- _TASK DESCRIPTION_
Would you please output the records exactly as they appear below?

── DATA RECORDS ──

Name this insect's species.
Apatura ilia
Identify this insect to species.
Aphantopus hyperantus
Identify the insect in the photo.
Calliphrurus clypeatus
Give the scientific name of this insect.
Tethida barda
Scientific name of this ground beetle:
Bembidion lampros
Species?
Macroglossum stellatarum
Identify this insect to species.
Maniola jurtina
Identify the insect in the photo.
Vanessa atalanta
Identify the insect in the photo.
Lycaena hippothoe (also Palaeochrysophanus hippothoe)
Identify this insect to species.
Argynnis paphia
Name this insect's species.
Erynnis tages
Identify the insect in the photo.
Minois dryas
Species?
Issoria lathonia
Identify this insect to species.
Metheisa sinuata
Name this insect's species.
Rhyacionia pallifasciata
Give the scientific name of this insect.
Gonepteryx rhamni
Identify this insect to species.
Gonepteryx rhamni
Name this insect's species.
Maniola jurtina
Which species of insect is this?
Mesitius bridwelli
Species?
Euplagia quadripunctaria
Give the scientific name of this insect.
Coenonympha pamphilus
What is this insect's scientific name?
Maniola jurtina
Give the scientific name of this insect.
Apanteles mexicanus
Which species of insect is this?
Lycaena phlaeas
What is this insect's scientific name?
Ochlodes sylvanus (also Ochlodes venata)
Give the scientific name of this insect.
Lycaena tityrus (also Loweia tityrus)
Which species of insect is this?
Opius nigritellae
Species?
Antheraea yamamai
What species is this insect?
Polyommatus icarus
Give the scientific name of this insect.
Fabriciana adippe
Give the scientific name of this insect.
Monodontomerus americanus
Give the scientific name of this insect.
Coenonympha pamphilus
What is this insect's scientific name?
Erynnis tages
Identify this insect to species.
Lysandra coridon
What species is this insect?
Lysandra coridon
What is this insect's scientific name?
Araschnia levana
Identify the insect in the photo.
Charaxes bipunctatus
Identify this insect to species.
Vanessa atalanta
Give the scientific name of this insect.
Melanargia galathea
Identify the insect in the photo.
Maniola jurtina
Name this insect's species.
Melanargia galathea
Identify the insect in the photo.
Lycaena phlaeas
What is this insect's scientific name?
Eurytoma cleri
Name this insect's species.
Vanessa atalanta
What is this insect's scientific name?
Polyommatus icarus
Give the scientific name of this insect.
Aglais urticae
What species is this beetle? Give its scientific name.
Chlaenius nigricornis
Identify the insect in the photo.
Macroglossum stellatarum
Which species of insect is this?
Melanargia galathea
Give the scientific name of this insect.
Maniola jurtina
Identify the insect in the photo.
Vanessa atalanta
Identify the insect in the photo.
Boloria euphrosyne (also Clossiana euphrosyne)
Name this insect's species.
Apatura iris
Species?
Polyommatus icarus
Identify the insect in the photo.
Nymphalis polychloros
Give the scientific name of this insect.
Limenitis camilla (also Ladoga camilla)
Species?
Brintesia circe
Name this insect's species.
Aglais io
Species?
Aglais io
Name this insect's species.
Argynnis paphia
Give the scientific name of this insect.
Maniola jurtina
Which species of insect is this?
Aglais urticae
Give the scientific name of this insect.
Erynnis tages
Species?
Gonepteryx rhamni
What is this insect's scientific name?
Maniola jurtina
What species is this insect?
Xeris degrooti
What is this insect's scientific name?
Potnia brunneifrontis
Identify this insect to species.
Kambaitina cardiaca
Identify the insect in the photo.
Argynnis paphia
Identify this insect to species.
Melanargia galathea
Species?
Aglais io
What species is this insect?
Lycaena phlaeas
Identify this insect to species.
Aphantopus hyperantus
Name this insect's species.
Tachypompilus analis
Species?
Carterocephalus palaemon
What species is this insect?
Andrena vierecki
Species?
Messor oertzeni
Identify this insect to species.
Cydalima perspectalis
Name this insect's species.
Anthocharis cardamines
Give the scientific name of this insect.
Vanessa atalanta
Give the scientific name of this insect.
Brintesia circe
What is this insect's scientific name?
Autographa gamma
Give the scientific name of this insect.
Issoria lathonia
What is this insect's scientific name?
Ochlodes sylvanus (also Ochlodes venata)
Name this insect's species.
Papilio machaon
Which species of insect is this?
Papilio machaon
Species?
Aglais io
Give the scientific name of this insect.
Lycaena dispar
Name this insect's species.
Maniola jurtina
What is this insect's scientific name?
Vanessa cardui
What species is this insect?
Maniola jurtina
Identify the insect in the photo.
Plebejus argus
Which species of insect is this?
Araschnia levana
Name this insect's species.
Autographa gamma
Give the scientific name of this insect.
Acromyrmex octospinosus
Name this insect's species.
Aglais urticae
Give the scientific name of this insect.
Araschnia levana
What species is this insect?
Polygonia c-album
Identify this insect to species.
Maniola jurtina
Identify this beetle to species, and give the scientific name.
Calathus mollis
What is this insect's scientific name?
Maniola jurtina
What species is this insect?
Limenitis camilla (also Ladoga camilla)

───

- _SOLUTION FOR THIS EXERCISE_
Name this insect's species.
Apatura ilia
Identify this insect to species.
Aphantopus hyperantus
Identify the insect in the photo.
Calliphrurus clypeatus
Give the scientific name of this insect.
Tethida barda
Scientific name of this ground beetle:
Bembidion lampros
Species?
Macroglossum stellatarum
Identify this insect to species.
Maniola jurtina
Identify the insect in the photo.
Vanessa atalanta
Identify the insect in the photo.
Lycaena hippothoe (also Palaeochrysophanus hippothoe)
Identify this insect to species.
Argynnis paphia
Name this insect's species.
Erynnis tages
Identify the insect in the photo.
Minois dryas
Species?
Issoria lathonia
Identify this insect to species.
Metheisa sinuata
Name this insect's species.
Rhyacionia pallifasciata
Give the scientific name of this insect.
Gonepteryx rhamni
Identify this insect to species.
Gonepteryx rhamni
Name this insect's species.
Maniola jurtina
Which species of insect is this?
Mesitius bridwelli
Species?
Euplagia quadripunctaria
Give the scientific name of this insect.
Coenonympha pamphilus
What is this insect's scientific name?
Maniola jurtina
Give the scientific name of this insect.
Apanteles mexicanus
Which species of insect is this?
Lycaena phlaeas
What is this insect's scientific name?
Ochlodes sylvanus (also Ochlodes venata)
Give the scientific name of this insect.
Lycaena tityrus (also Loweia tityrus)
Which species of insect is this?
Opius nigritellae
Species?
Antheraea yamamai
What species is this insect?
Polyommatus icarus
Give the scientific name of this insect.
Fabriciana adippe
Give the scientific name of this insect.
Monodontomerus americanus
Give the scientific name of this insect.
Coenonympha pamphilus
What is this insect's scientific name?
Erynnis tages
Identify this insect to species.
Lysandra coridon
What species is this insect?
Lysandra coridon
What is this insect's scientific name?
Araschnia levana
Identify the insect in the photo.
Charaxes bipunctatus
Identify this insect to species.
Vanessa atalanta
Give the scientific name of this insect.
Melanargia galathea
Identify the insect in the photo.
Maniola jurtina
Name this insect's species.
Melanargia galathea
Identify the insect in the photo.
Lycaena phlaeas
What is this insect's scientific name?
Eurytoma cleri
Name this insect's species.
Vanessa atalanta
What is this insect's scientific name?
Polyommatus icarus
Give the scientific name of this insect.
Aglais urticae
What species is this beetle? Give its scientific name.
Chlaenius nigricornis
Identify the insect in the photo.
Macroglossum stellatarum
Which species of insect is this?
Melanargia galathea
Give the scientific name of this insect.
Maniola jurtina
Identify the insect in the photo.
Vanessa atalanta
Identify the insect in the photo.
Boloria euphrosyne (also Clossiana euphrosyne)
Name this insect's species.
Apatura iris
Species?
Polyommatus icarus
Identify the insect in the photo.
Nymphalis polychloros
Give the scientific name of this insect.
Limenitis camilla (also Ladoga camilla)
Species?
Brintesia circe
Name this insect's species.
Aglais io
Species?
Aglais io
Name this insect's species.
Argynnis paphia
Give the scientific name of this insect.
Maniola jurtina
Which species of insect is this?
Aglais urticae
Give the scientific name of this insect.
Erynnis tages
Species?
Gonepteryx rhamni
What is this insect's scientific name?
Maniola jurtina
What species is this insect?
Xeris degrooti
What is this insect's scientific name?
Potnia brunneifrontis
Identify this insect to species.
Kambaitina cardiaca
Identify the insect in the photo.
Argynnis paphia
Identify this insect to species.
Melanargia galathea
Species?
Aglais io
What species is this insect?
Lycaena phlaeas
Identify this insect to species.
Aphantopus hyperantus
Name this insect's species.
Tachypompilus analis
Species?
Carterocephalus palaemon
What species is this insect?
Andrena vierecki
Species?
Messor oertzeni
Identify this insect to species.
Cydalima perspectalis
Name this insect's species.
Anthocharis cardamines
Give the scientific name of this insect.
Vanessa atalanta
Give the scientific name of this insect.
Brintesia circe
What is this insect's scientific name?
Autographa gamma
Give the scientific name of this insect.
Issoria lathonia
What is this insect's scientific name?
Ochlodes sylvanus (also Ochlodes venata)
Name this insect's species.
Papilio machaon
Which species of insect is this?
Papilio machaon
Species?
Aglais io
Give the scientific name of this insect.
Lycaena dispar
Name this insect's species.
Maniola jurtina
What is this insect's scientific name?
Vanessa cardui
What species is this insect?
Maniola jurtina
Identify the insect in the photo.
Plebejus argus
Which species of insect is this?
Araschnia levana
Name this insect's species.
Autographa gamma
Give the scientific name of this insect.
Acromyrmex octospinosus
Name this insect's species.
Aglais urticae
Give the scientific name of this insect.
Araschnia levana
What species is this insect?
Polygonia c-album
Identify this insect to species.
Maniola jurtina
Identify this beetle to species, and give the scientific name.
Calathus mollis
What is this insect's scientific name?
Maniola jurtina
What species is this insect?
Limenitis camilla (also Ladoga camilla)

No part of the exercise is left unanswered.